Reproduce exactly the lines from the one containing "Volume: 152888349.5 mm3;" through the last line of the data, both ends included.

Top of Recorded data

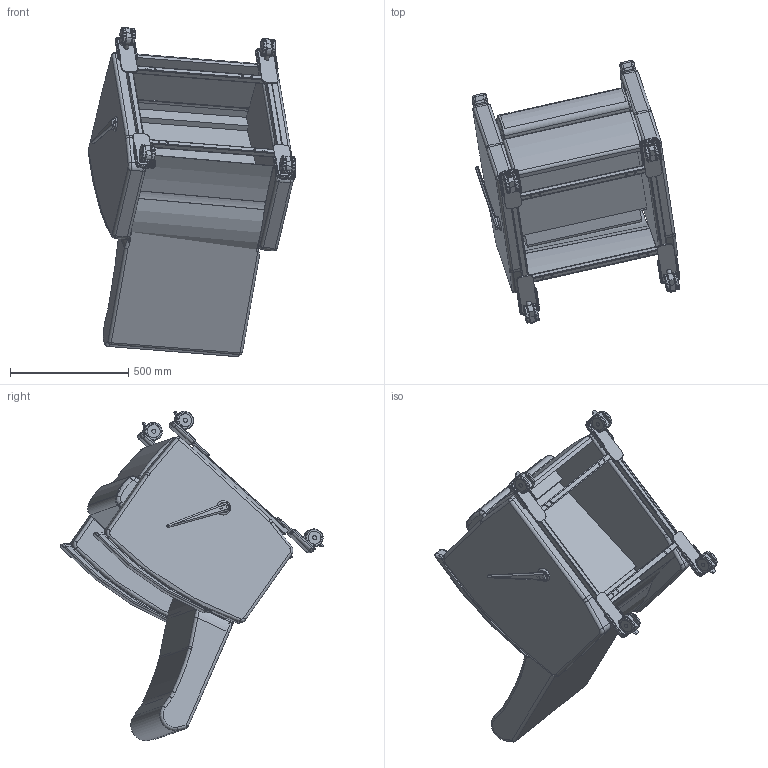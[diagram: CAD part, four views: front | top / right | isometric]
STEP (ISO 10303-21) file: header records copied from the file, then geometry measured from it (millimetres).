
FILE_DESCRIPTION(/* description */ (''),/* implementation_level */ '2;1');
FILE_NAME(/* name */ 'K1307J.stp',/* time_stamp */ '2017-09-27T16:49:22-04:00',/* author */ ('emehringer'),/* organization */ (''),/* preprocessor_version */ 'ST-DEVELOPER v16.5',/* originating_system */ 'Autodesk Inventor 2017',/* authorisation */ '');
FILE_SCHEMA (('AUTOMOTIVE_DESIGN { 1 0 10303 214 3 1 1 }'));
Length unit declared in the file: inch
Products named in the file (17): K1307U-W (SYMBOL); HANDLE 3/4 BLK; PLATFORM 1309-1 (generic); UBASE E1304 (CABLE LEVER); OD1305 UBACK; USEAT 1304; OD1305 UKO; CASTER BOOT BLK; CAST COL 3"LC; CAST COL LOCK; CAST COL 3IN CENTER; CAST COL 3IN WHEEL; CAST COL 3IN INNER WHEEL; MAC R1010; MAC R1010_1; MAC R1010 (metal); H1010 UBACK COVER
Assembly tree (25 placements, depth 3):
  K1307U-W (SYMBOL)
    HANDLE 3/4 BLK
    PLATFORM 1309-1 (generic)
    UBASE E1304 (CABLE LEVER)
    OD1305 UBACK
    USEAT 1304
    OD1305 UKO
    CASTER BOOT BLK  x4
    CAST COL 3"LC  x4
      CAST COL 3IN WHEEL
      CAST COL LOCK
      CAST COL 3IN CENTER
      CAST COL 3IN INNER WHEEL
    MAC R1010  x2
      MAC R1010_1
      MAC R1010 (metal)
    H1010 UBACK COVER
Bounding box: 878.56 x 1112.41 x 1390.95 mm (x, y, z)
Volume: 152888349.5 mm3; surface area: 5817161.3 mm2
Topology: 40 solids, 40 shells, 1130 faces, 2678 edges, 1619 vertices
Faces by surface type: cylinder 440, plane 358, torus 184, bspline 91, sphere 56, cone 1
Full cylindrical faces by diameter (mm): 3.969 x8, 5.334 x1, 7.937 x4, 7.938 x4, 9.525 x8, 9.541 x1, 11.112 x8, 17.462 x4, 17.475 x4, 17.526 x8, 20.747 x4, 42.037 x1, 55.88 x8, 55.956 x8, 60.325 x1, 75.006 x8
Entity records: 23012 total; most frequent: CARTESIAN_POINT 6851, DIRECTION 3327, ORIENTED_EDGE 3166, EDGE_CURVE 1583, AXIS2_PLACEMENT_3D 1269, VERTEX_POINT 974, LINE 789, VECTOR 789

Bottom of Recorded data

● Exercise solution
Volume: 152888349.5 mm3; surface area: 5817161.3 mm2
Topology: 40 solids, 40 shells, 1130 faces, 2678 edges, 1619 vertices
Faces by surface type: cylinder 440, plane 358, torus 184, bspline 91, sphere 56, cone 1
Full cylindrical faces by diameter (mm): 3.969 x8, 5.334 x1, 7.937 x4, 7.938 x4, 9.525 x8, 9.541 x1, 11.112 x8, 17.462 x4, 17.475 x4, 17.526 x8, 20.747 x4, 42.037 x1, 55.88 x8, 55.956 x8, 60.325 x1, 75.006 x8
Entity records: 23012 total; most frequent: CARTESIAN_POINT 6851, DIRECTION 3327, ORIENTED_EDGE 3166, EDGE_CURVE 1583, AXIS2_PLACEMENT_3D 1269, VERTEX_POINT 974, LINE 789, VECTOR 789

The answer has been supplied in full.